Task material ▸
══════════════════════════════

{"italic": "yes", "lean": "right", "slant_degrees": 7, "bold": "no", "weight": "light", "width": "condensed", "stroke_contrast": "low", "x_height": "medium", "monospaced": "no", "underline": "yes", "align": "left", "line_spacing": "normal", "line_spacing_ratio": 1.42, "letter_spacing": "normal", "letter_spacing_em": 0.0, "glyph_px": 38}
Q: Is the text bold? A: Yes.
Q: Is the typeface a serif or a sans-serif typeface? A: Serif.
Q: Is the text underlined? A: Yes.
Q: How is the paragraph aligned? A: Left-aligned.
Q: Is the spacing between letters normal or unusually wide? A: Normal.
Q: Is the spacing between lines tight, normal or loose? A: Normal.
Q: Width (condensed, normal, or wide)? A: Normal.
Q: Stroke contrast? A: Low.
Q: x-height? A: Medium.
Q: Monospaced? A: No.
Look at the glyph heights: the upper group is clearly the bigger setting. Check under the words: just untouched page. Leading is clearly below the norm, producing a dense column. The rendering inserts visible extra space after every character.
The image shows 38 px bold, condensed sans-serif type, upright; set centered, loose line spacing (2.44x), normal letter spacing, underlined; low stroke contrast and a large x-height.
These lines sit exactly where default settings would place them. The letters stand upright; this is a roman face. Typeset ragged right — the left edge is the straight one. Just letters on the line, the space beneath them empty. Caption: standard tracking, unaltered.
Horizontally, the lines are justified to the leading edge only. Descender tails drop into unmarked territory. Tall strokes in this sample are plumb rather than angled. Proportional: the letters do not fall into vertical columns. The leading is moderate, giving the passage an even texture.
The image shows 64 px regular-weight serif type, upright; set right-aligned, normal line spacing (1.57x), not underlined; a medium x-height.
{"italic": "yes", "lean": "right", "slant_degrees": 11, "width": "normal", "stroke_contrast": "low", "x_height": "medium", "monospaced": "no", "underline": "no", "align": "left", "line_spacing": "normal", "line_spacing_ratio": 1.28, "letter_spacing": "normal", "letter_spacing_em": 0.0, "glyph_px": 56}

══════════════════════════════

Brief ▸
Go to the line with "Q: Is the spacing between lines" in the entries above and repeat every line from there through the line with "Q: Monospaced? A: No.", exactly and with no other text.

Answer section ▸
Q: Is the spacing between lines tight, normal or loose? A: Normal.
Q: Width (condensed, normal, or wide)? A: Normal.
Q: Stroke contrast? A: Low.
Q: x-height? A: Medium.
Q: Monospaced? A: No.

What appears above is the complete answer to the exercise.